My first job out of college was as a junior analyst for Edelman, a large marketing and communications agency in Washington, DC. I remember getting home late in the evenings and working through data science tutorials until I couldn’t keep my eyes open. I was striving to grasp the scope of data science and simultaneously understand how to be a competent practitioner. The materials I found were useful, but individually they did not help me understand and apply end-to-end data science.
I wrote this book thinking about my 22-year-old self. I was searching for a single resource that could help me apply all facets of data science. This represents my best effort at creating the tool I was hoping to find at that juncture in my life.
This is a technical book. You will see a lot of code. You will come across many technical terms. However, I submit this book is applicable to multiple audiences.
Is this a handbook or the next great American novel? It’s certainly closer to the former than the latter. That said, this book has a narrative structure. The chapters are ordered sequentially, starting with a discussion about key concepts in data science and proceeding through all the steps of building a production application.
My recommendation is to read this book from start to finish. My goal is to connect the dots among the various components of data science. For instance, how we tackle problems in the model development section is related to known challenges we will face in the model deployment phase. After reading the book end-to-end, it can be used as a handy reference tool. I include a large amount of Python code and step-by-step instructions. If you’re foggy on, say, constructing a pipeline in scikit-learn, you can jog your memory using this book. That said, the reader can consume chapters individually if desired. Each chapter tackles a distinct topic, and, therefore, this book could be leveraged as a reference handbook solely.
I also want to note this book is written from a given viewpoint: my own. I do not want this to be a dry manual. Rather, I want to share my experiences and lessons I’ve learnt. I've been fortunate to have been exposed to multiple corners of analytics, and I hope my viewpoints can help you on your own data science journey. Throughout this book, I’ll attempt to tackle some data science clichés, too. I’m a bit of a data science hipster; I want to stray away from the traditional and predictable. (And yes, I do wear glasses and grow out my beard on occasion).

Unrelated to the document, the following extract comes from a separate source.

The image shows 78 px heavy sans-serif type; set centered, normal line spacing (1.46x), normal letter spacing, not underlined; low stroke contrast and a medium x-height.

The writing tends to be geared to people with data science or development experience, as I often gloss over building blocks (e.g. like the following is a Python list: [1, 2, 3], which is different a dictionary or set). That said, I do provide some high-level explanations where they might be useful or necessary for the less-technically-inclined reader. Doing so will hopefully fill in any gaps in grasping major concepts.

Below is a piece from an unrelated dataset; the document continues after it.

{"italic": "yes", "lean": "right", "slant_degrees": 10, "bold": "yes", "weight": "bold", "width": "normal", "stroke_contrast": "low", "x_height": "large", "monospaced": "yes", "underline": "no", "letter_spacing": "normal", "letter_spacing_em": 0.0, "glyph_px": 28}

Lastly, this book includes a large number of code snippets. The official GitHub repo for book can be found at the following link: https://github.com/micahmelling/applied_data_science. However, the book includes many tutorials and examples not found in the repo. The repo simply presents the main components.
Many books have an overarching example, such as working on a consulting project for company XYZ to predict ABC. Though predictable, it’s pedagogically beneficially. In this book, we’ll build a model to predict if someone will cancel their subscription to a movie review website. Don't worry, be happy: More details about the data will be presented in the following chapters. That said, building a model to predict customer churn is a canonical data science project. I'd venture a guess that a large percentage of data science shops across the world perform customer churn modeling as one of their core services. Likewise, if you search "churn" on the data science website kaggle.com, you'll see scores of data sets, discussions, and code samples surrounding the topic. As a nice bonus, if you Google something like "machine learning churn model", you'll get more than 3.8 million results. This is ubiquitous yet impactful application of data science.
Nothing in this book is confidential or from a proprietary source. A citations section is included at the end of each chapter. The content and examples in this book are broadly applicable and not coupled to any particular use case or environment. What I hope separates this book from other resources is that it brings together a large number of data science topics. If you search any individual topic in this book, you will find relevant theories, resources, examples, and discussions. However, I believe you will be hard-pressed to find a resource that brings together such a large collection of data science ideas and examples. My work is inspired by the open-source work of others. In today's world, data is proprietary. Due to the open-source movement, algorithms and methodologies are less so. With a tool like Python and access to the Internet, pretty much anybody can implement cutting-edge models and follow best practices.